I'd say tracks 1 and 2 are fairly «traditional» really. Written material sets up a certain field of sound and one, two or all three players take off, retaining the feeling of the field. Just who leads and who follows or sustains (or doesn't play) is pre-determined.

Whatever the vocabulary or the system, I also feel that there is a rare lushness in this music, both a delicacy and a strength, even a state of hallucination sometimes. Is creating drama an important aspect of the way you understand The Art of the Improvisers?

If I was told I must pick my favorite 20th century composer, I would (reluctantly - because there are so many interesting ways to put music together) pick Iannis Xenakis. His music really speaks to me. Yes: the music is constructed. It's - as far as he seems to have been concerned - very much based on theories of probability and usually the discussion of his music is clinical. To read the books he wrote you would think that the music itself would be very cold. What makes him a hero is that the passion in his life and (perhaps) the inspiration for many of his works suffuses every moment of his music. He takes no prisoners. The music grips the listener (this listener).

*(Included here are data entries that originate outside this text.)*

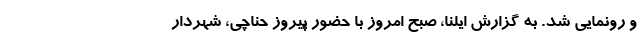
و رونمایی شد. به گزارش ایلنا، صبح امروز با حضور پیروز حناچی، شهردار
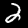
Label: 2
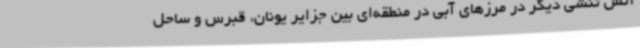
آتش تنشی دیگر در مرزهای آبی در منطقه‌ای بین جزایر یونان، قبرس و ساحل
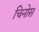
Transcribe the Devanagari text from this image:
चिनोस
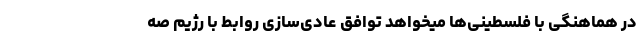
در هماهنگی با فلسطینی‌ها میخواهد توافق عادی‌سازی روابط با رژیم صه
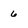
Character: 6
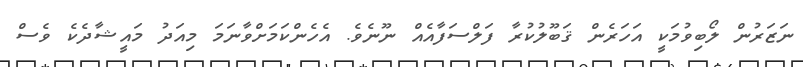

I love all kinds of music, and I would say, (again: if pushed to answer) that I do NOT consider drama to be a «necessary» aspect of the art of the improviser. I don't hear drama in Derek Bailey's approach to free improvisation, but I do consider him one of the truly great ones, and I love listening to him live, making everyone around him sound better. (Here's another «statement» that could get me in trouble because if you put DB with Bill Laswell and Tony Williams, the «drama» is palpable at all times). But for myself, I would say: yes. For me drama does play a role. No matter how hard I try to create pieces that don't include that, or start from «clinical» premises, I always find myself drawn, finally, to including that sense of drama somehow in the piece. But some of the greatest composers - Feldman for one - don't deal with it, and some of the greatest improvisers really don't either.

I prefer thinking of it another way though. I've said this before here but it can't hurt to repeat it: I like setting up the improvisers so that when they cut loose from the composed (or structured) props, their own talents and intuition are challenged/ inspired/ to produce something a little bit original each time they play the piece. Both Joan and Miya play from the heart as well as the mind, so we as a trio are certainly in search of this «rare lushness» you speak of, and I'm glad you hear it the way you do.

Talking about Magritte, there is this painting by him entitled "The mysteries of the horizon" (1955), where you see three identical figures in a blue open country by night, watching in different directions, with three moons above their head...

I thought I had 98% of his art in books here, but I don't have that one, although I can see it in my mind! The horizon represents the unknowable. And yet, we all can imagine going over/beyond it; wanting to do that - hoping for some kind of magic just over that line that we can take back with us. In both «Heart of the Matter» on this CD and «The Secret Magritte» (Black Saint, 1995), I have the musicians all working off recurring sound-objects, and by re-contextualizing those sound-objects each time that they are re-introduced into the music, I hope that the music allows us to hear/imagine the sounds differently each time; that some kind of magical inspiration will occur for the listener.